Because of the current implementation (see Implementation Notes), all of the assignment methods:

Can only guarantee the basic exception safety: The lvalue optional is left uninitialized if an exception is thrown (any previous value is first destroyed using T::~T())

On the other hand, the uninitializing methods:

Provide the no-throw guarantee (assuming a no-throw T::~T())

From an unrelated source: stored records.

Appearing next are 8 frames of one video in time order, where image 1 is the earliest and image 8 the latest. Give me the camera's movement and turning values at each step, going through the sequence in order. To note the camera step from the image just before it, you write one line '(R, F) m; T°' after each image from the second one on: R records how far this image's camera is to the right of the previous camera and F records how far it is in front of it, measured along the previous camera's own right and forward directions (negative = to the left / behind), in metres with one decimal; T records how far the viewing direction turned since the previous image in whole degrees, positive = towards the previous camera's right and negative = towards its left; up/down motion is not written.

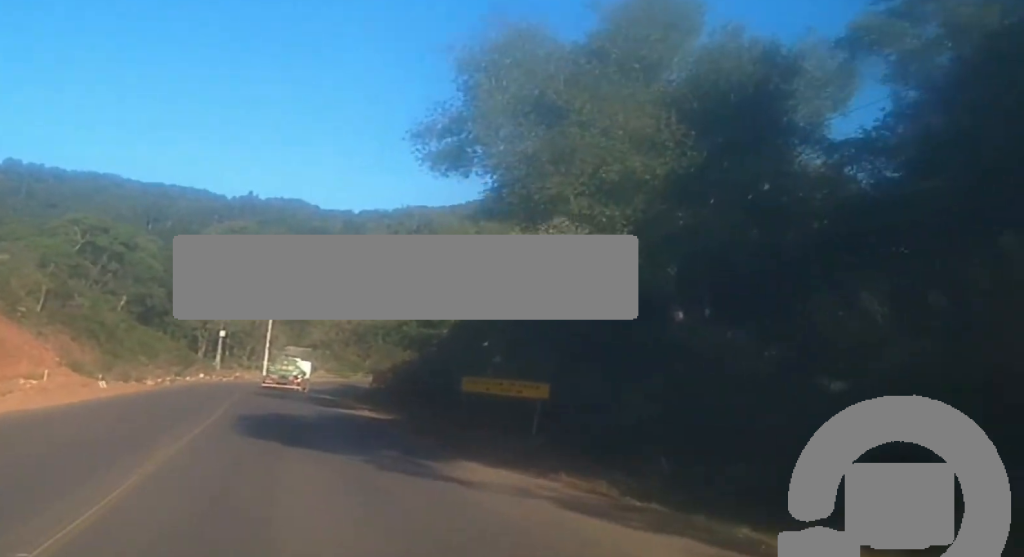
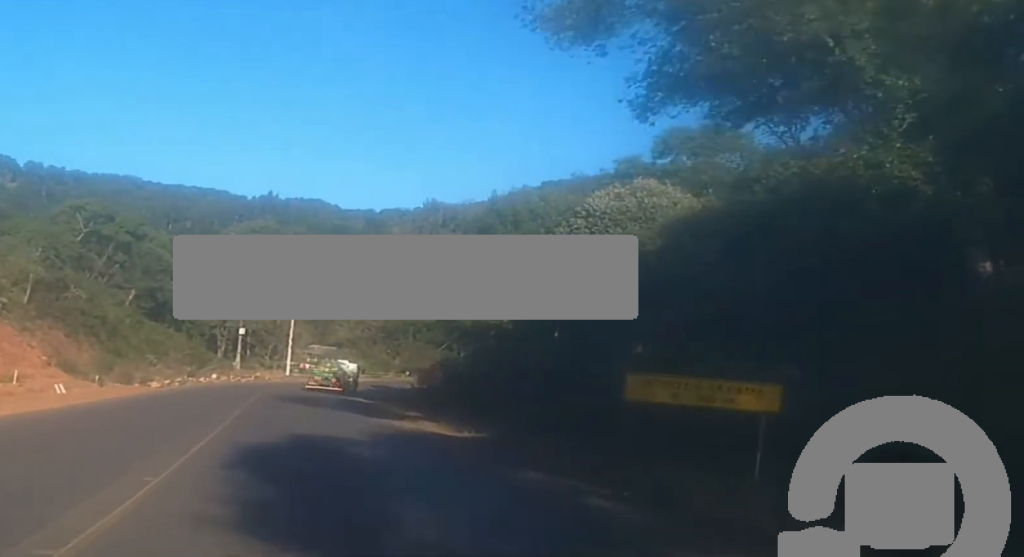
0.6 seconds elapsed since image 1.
(-1.6, +10.8) m; -7°
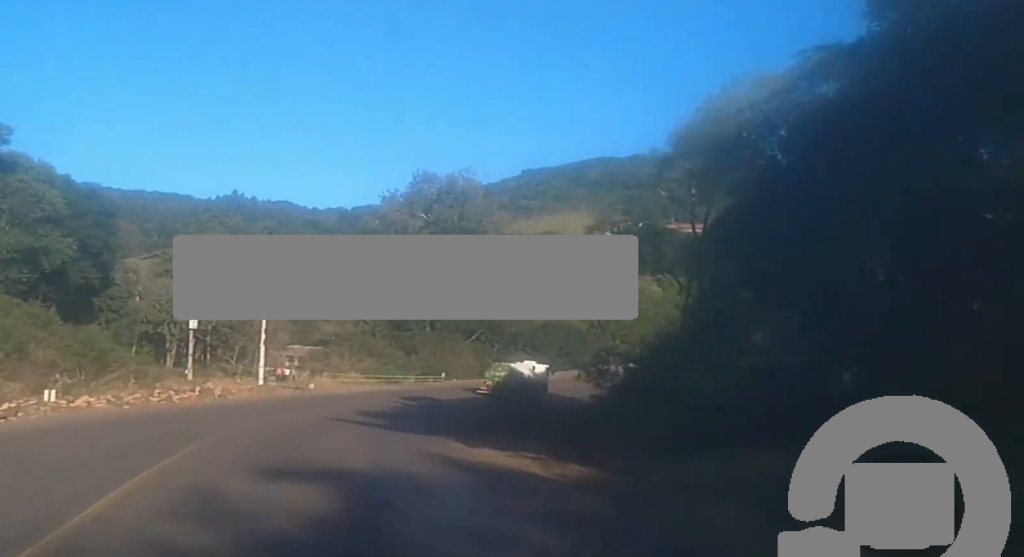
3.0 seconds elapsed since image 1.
(-3.4, +43.0) m; -2°
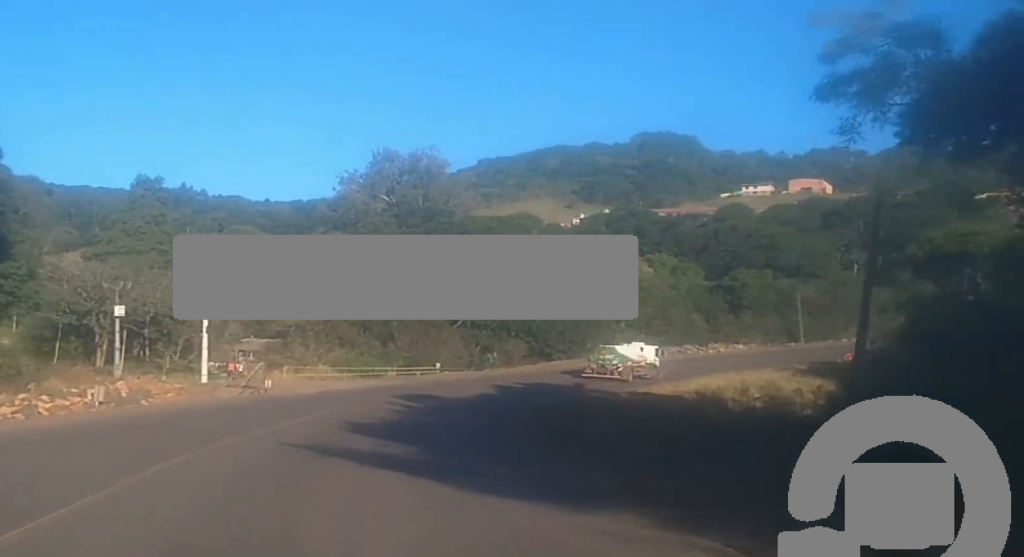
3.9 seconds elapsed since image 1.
(+0.5, +17.9) m; +2°
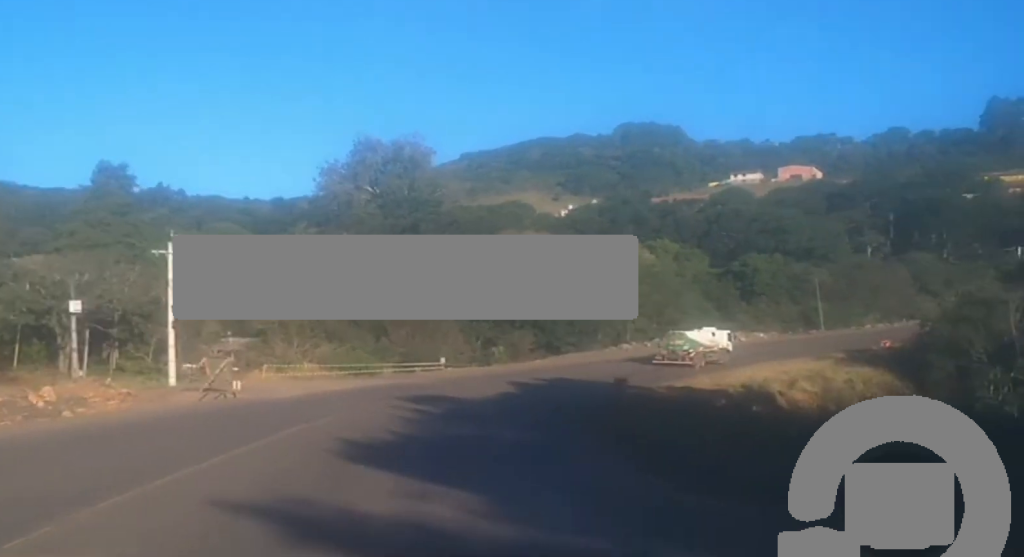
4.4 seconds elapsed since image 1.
(+0.1, +9.0) m; +2°
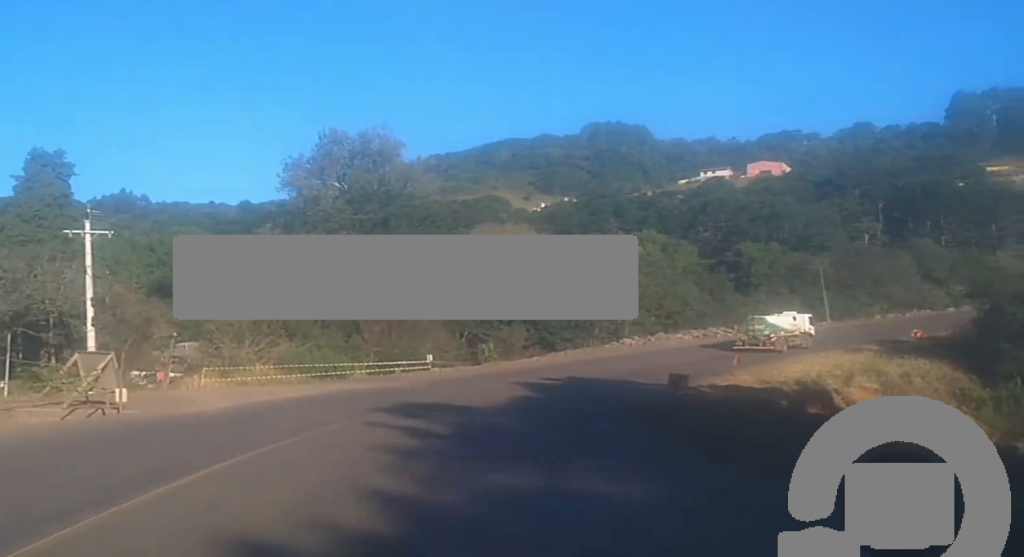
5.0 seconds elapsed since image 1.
(-0.1, +11.6) m; +3°
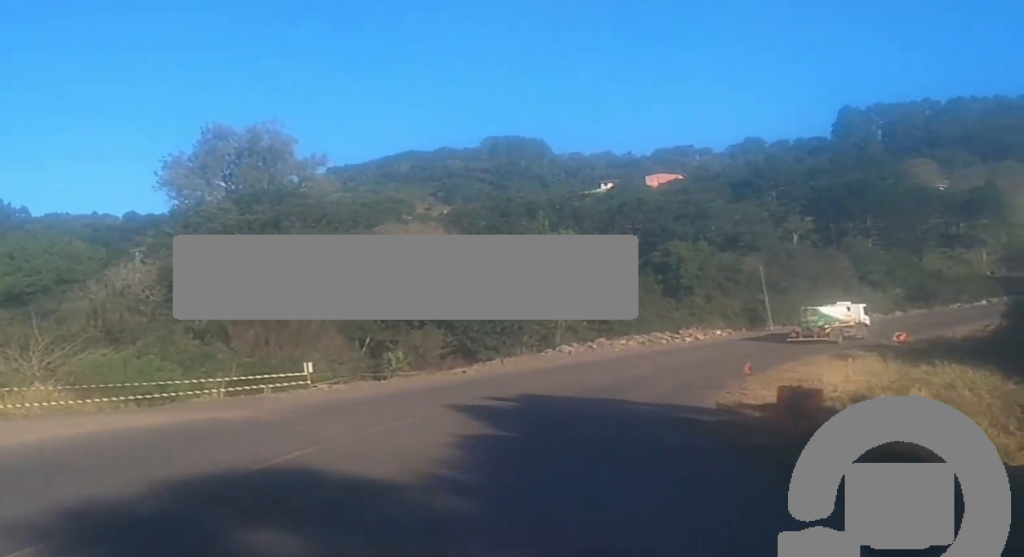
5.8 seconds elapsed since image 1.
(+0.9, +16.0) m; +4°
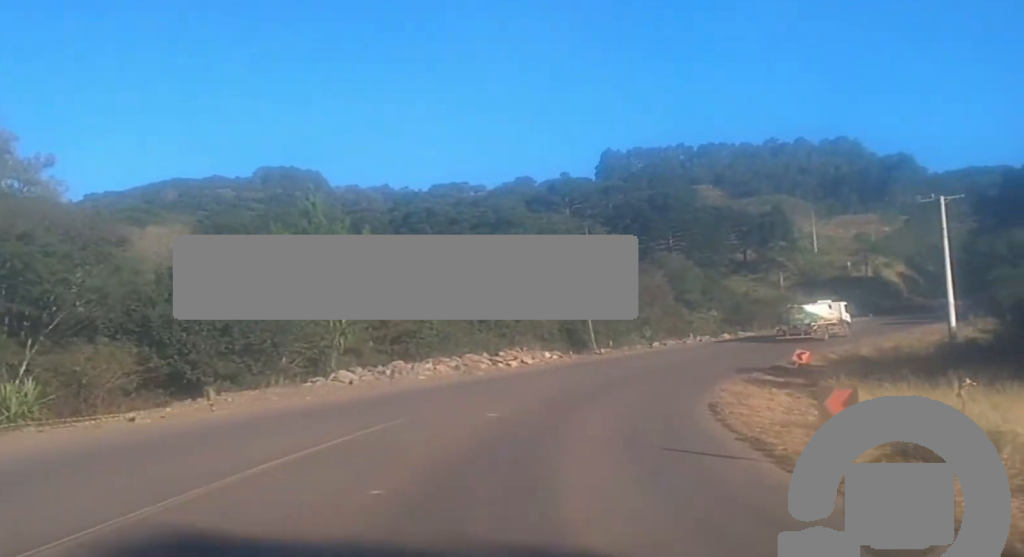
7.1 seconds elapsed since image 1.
(+0.7, +23.5) m; +10°

However, since optional<> itself doesn't throw any exceptions, the only source for exceptions here are T's constructor, so if you know the exception guarantees for T::T ( T const& ), you know that optional's assignment and reset has the same guarantees.

//
// Case 1: Exception thrown during assignment.
//
T v0(123);
optional<T> opt0(v0);
try
{
    T v1(456);
    optional<T> opt1(v1);
    opt0 = opt1 ;

    // If no exception was thrown, assignment succeeded.
    assert( *opt0 == v1 ) ;
}
catch(...)
{
    // If any exception was thrown, 'opt0' is reset to uninitialized.
    assert( !opt0 ) ;
}

//
// Case 2: Exception thrown during reset(v)
//
T v0(123);
optional<T> opt(v0);
try
{
    T v1(456);
    opt.reset ( v1 ) ;

    // If no exception was thrown, reset succeeded.
    assert( *opt == v1 ) ;
}
catch(...)
{
    // If any exception was thrown, 'opt' is reset to uninitialized.
    assert( !opt ) ;
}

Swap

void swap( optional<T>&, optional<T>& ) has the same exception guarantee as swap(T&,T&) when both optionals are initialized. If only one of the optionals is initialized, it gives the same basic exception guarantee as optional<T>::reset( T const& ) (since optional<T>::reset() doesn't throw). If none of the optionals is initialized, it has no-throw guarantee since it is a no-op.